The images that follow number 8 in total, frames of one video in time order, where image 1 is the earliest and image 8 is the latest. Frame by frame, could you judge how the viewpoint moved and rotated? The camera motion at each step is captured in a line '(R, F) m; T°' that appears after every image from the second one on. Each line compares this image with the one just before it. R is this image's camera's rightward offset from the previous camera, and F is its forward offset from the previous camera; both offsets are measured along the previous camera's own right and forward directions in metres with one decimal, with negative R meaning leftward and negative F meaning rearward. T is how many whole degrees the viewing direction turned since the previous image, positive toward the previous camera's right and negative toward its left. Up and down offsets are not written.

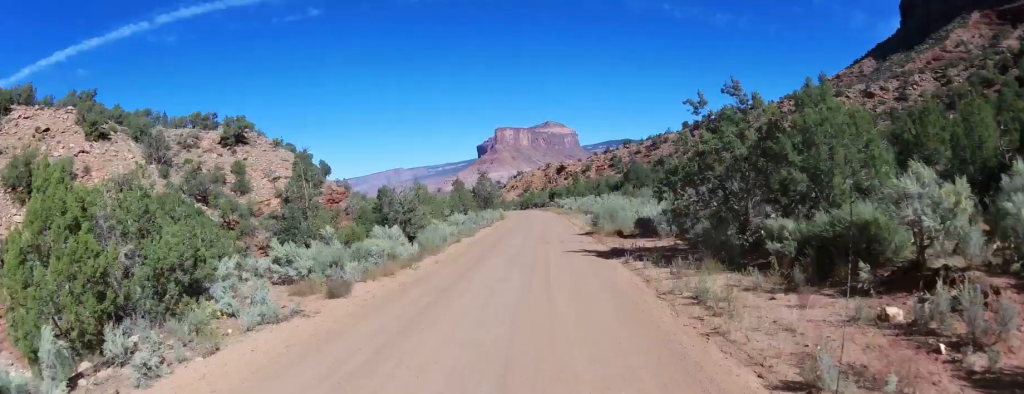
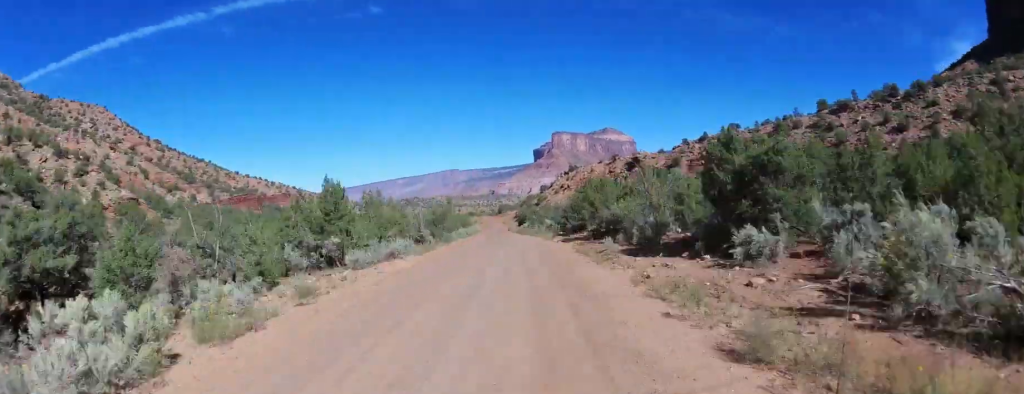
(-4.6, +89.6) m; -5°
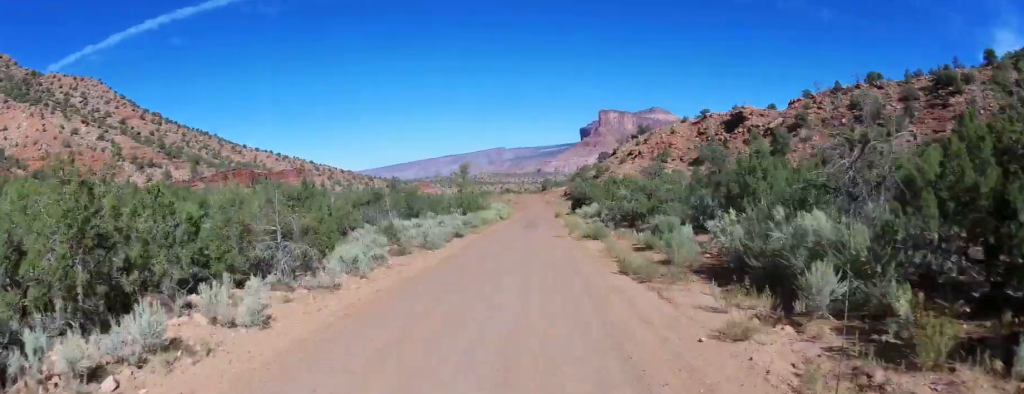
(-1.9, +65.7) m; -1°
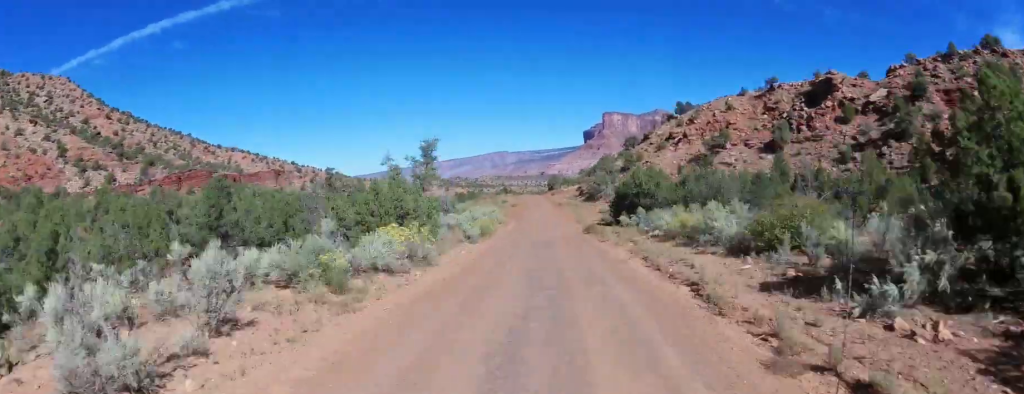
(-0.4, +49.5) m; +1°
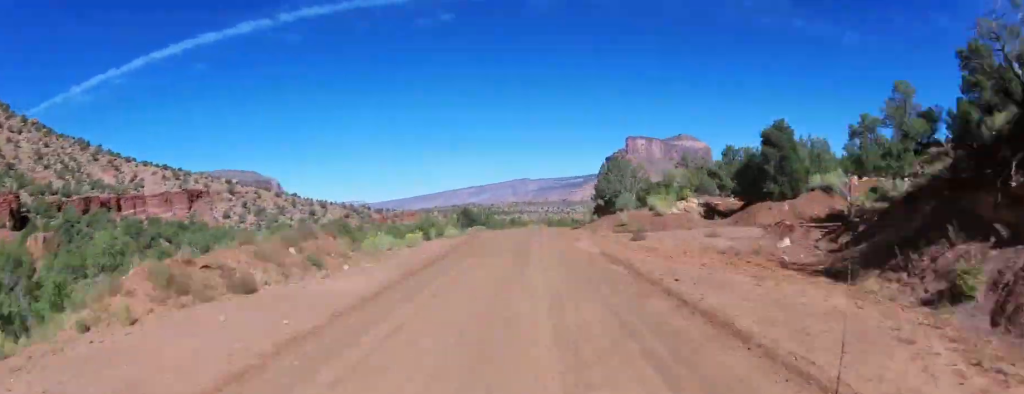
(+3.2, +116.9) m; +4°
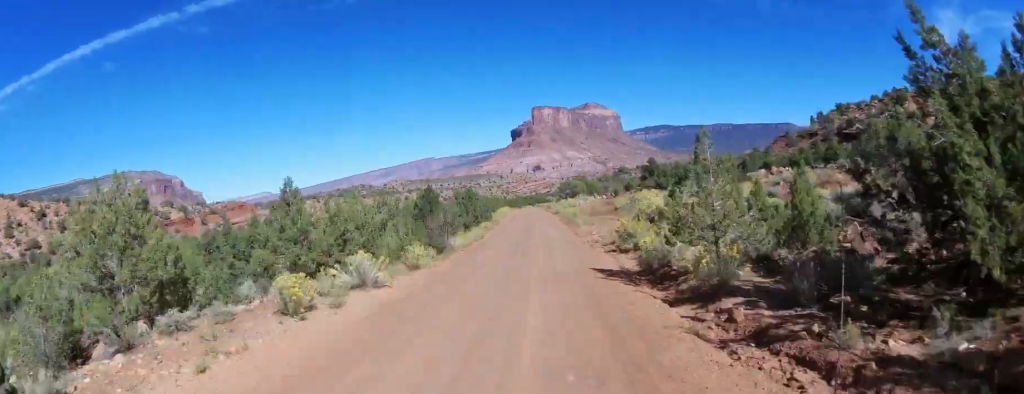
(+5.6, +155.6) m; +5°
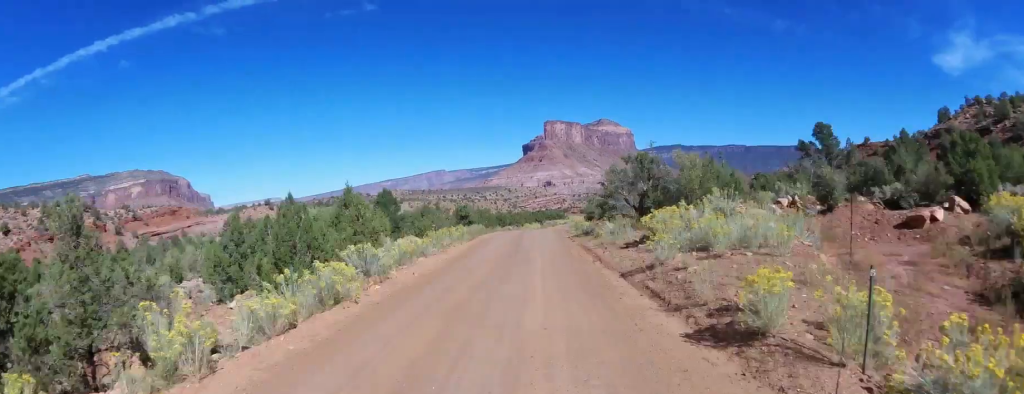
(+3.0, +72.9) m; +2°
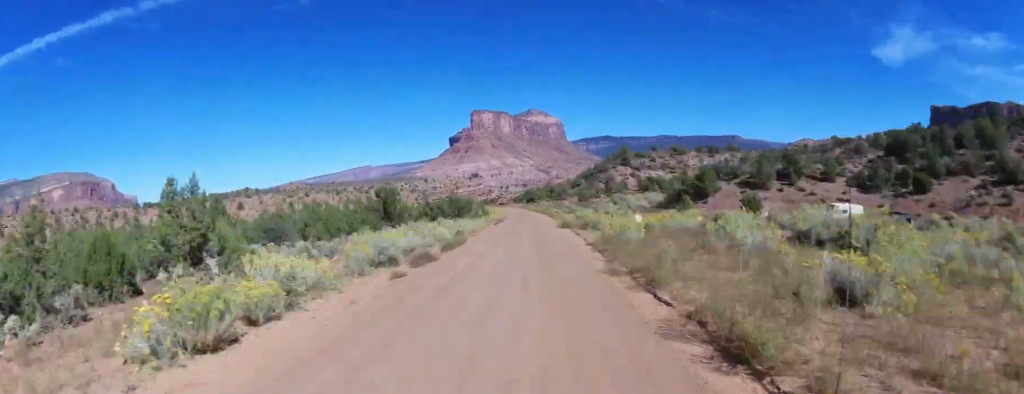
(+3.3, +165.8) m; -3°

# # #

_Requirement:_ Restate each line above exactly, keeping pictures out.

_Output of the task:_
The images that follow number 8 in total, frames of one video in time order, where image 1 is the earliest and image 8 is the latest. Frame by frame, could you judge how the viewpoint moved and rotated? The camera motion at each step is captured in a line '(R, F) m; T°' that appears after every image from the second one on. Each line compares this image with the one just before it. R is this image's camera's rightward offset from the previous camera, and F is its forward offset from the previous camera; both offsets are measured along the previous camera's own right and forward directions in metres with one decimal, with negative R meaning leftward and negative F meaning rearward. T is how many whole degrees the viewing direction turned since the previous image, positive toward the previous camera's right and negative toward its left. Up and down offsets are not written.

(-4.6, +89.6) m; -5°
(-1.9, +65.7) m; -1°
(-0.4, +49.5) m; +1°
(+3.2, +116.9) m; +4°
(+5.6, +155.6) m; +5°
(+3.0, +72.9) m; +2°
(+3.3, +165.8) m; -3°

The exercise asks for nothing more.